A crucial element of our approach was the self-consistent fitting of the parameters. So far, the previous approaches have employed ad hoc choices regarding what properties to target and the range of Rmin and ε sampled, and they have also tended to optimize the individual ion parameters independently. However, because the crystal properties such as the LE and LC are based on pairs of cations and anions, optimization should be performed simultaneously across the entire series. Fitting the properties in this way reduces serious deviations that might occur when targeting properties of the ions individually. Also, we targeted a mixture of two pairwise properties (LE and LC), which when the appropriate weights on the properties were chosen, reduced the risk of focusing the fit on one property.
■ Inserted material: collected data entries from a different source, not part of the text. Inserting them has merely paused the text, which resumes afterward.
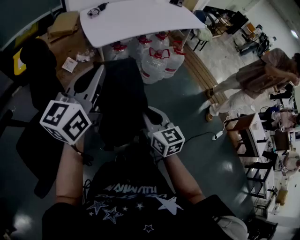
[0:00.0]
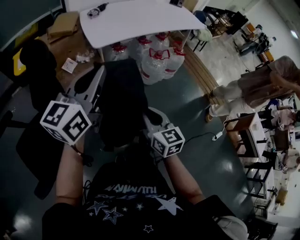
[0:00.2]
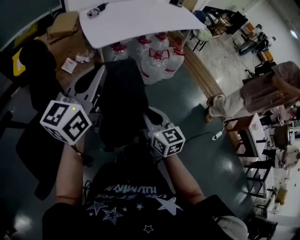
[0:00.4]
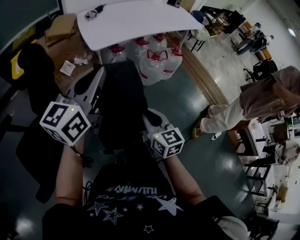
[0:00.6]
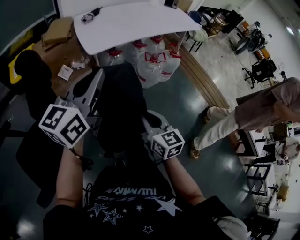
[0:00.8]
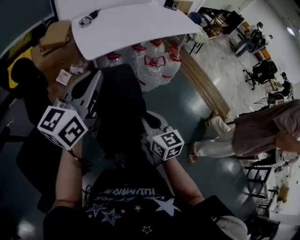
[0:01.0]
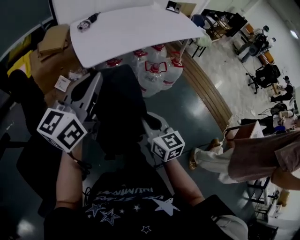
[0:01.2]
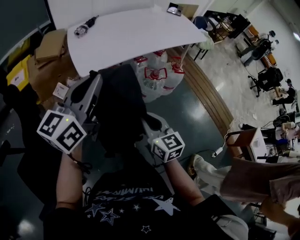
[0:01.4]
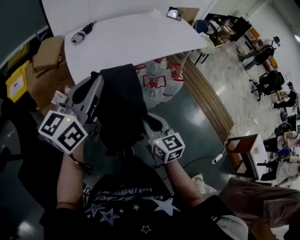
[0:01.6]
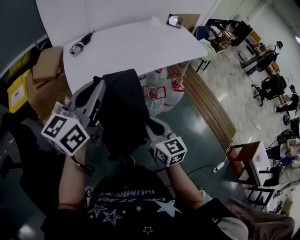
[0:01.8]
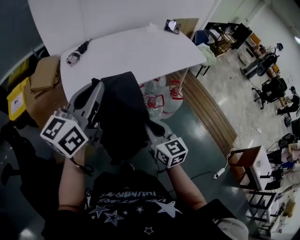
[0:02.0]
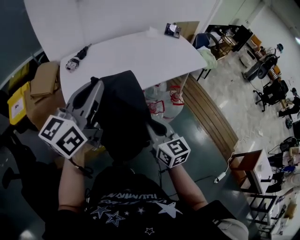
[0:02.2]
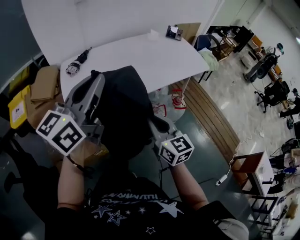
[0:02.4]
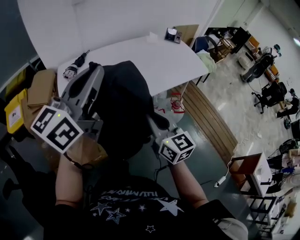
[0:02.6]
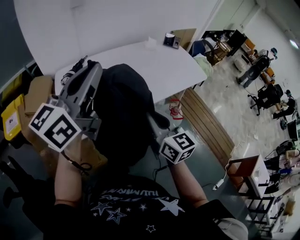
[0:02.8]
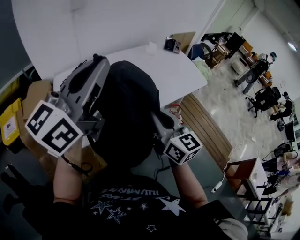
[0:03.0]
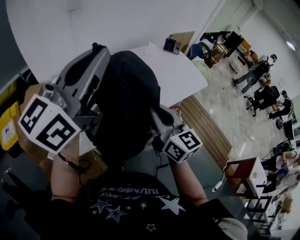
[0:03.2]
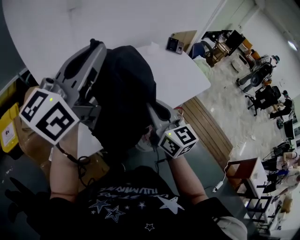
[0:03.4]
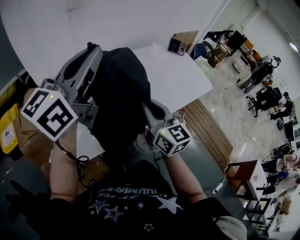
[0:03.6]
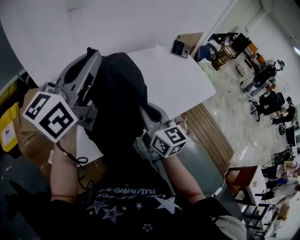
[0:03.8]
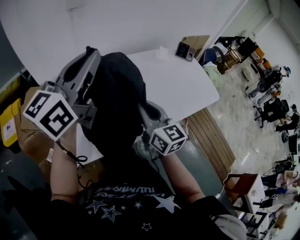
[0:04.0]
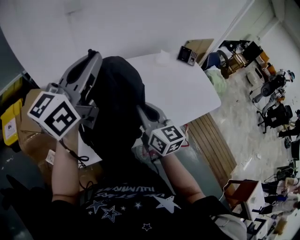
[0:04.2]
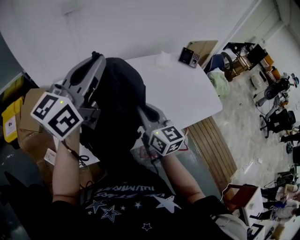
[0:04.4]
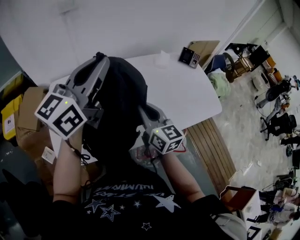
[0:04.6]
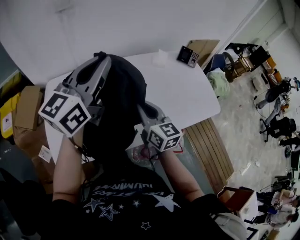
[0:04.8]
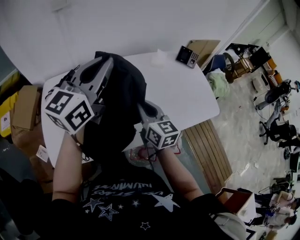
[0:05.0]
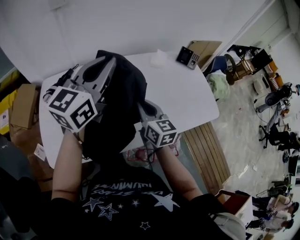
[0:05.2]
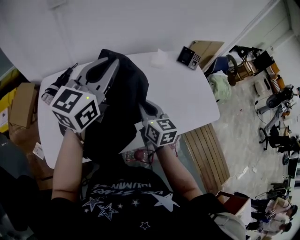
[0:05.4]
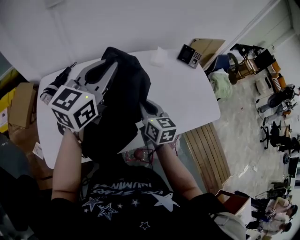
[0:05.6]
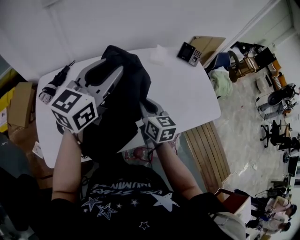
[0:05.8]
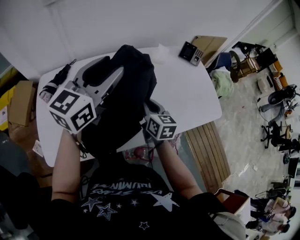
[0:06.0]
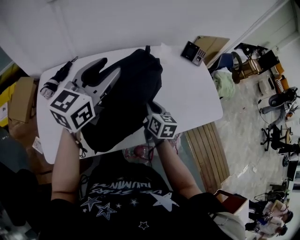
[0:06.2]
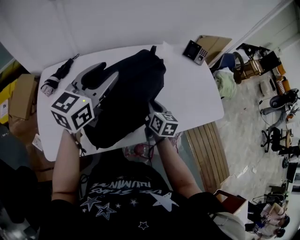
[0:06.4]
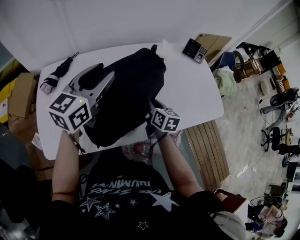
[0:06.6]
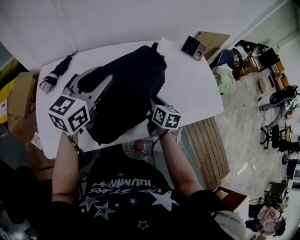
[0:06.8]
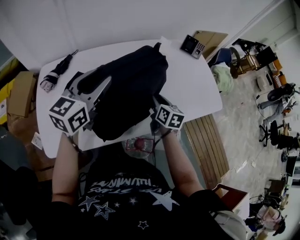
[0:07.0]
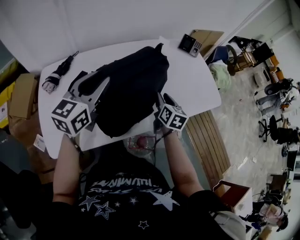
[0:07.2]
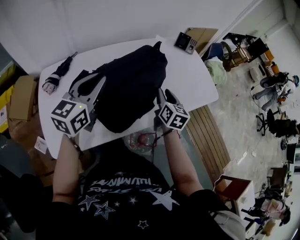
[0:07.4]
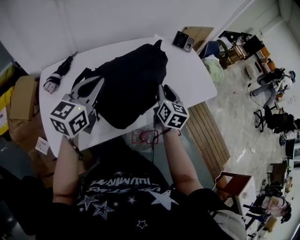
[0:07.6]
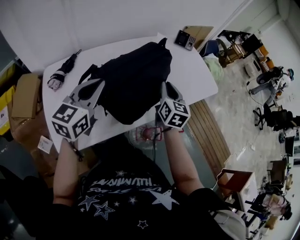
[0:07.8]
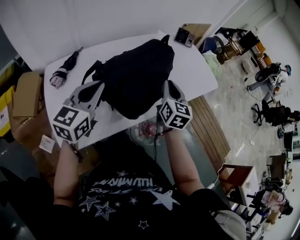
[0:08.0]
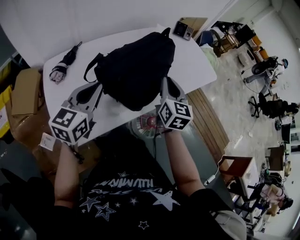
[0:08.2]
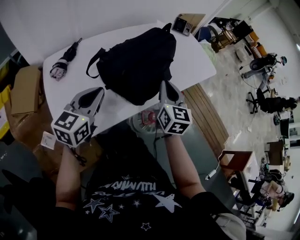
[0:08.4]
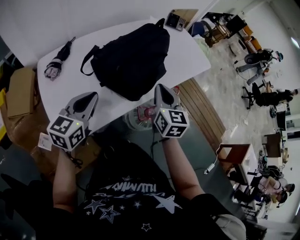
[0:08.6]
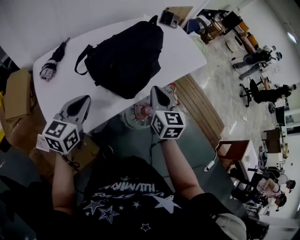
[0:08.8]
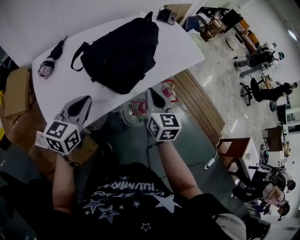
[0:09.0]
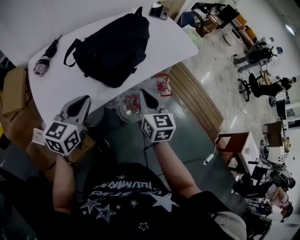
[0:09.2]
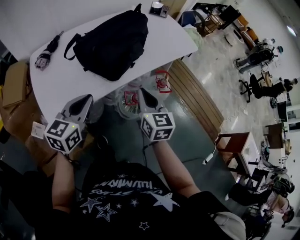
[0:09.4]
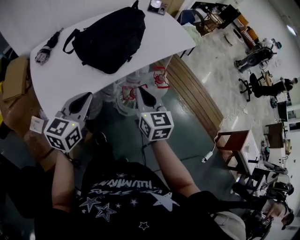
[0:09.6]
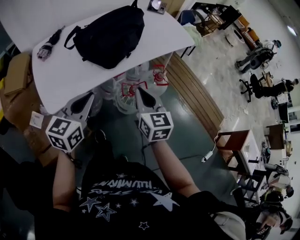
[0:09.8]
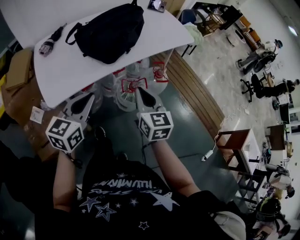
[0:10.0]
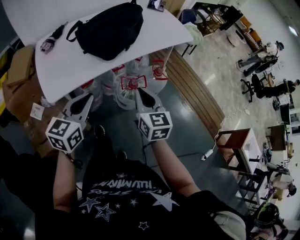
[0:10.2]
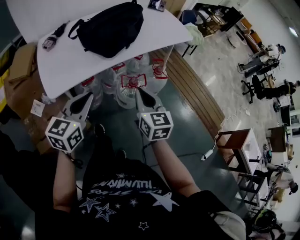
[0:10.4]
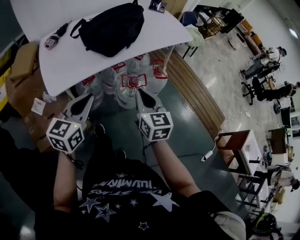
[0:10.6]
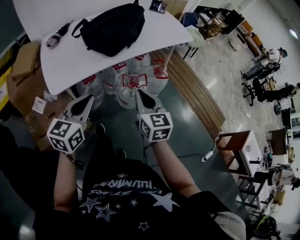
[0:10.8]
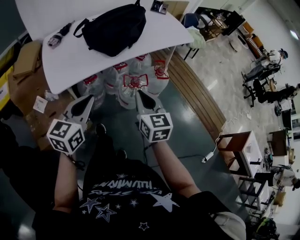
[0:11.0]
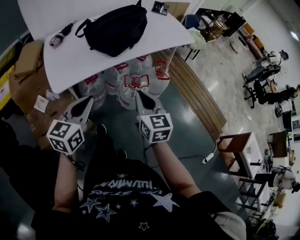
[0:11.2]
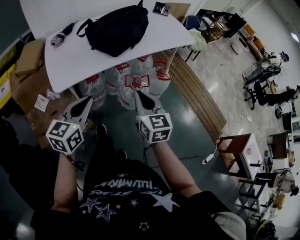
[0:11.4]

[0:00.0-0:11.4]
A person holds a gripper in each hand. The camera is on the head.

In summary, this work provides a new set of ion parameters for the alkali and halide ions, for use in nonpolarizable simulations with an Ewald treatment of the electrostatics and Lorentz−Berthelot combining rules, in simulations with three different popular water models. These parameters (as shown in Table 5) are likely not transferable to different (geometric mean) combining rules, electrostatic treatments that omit the long-range, polarizable models, or to different water models. However the procedure and approach used here could easily be extended to include these alternate simulation protocols.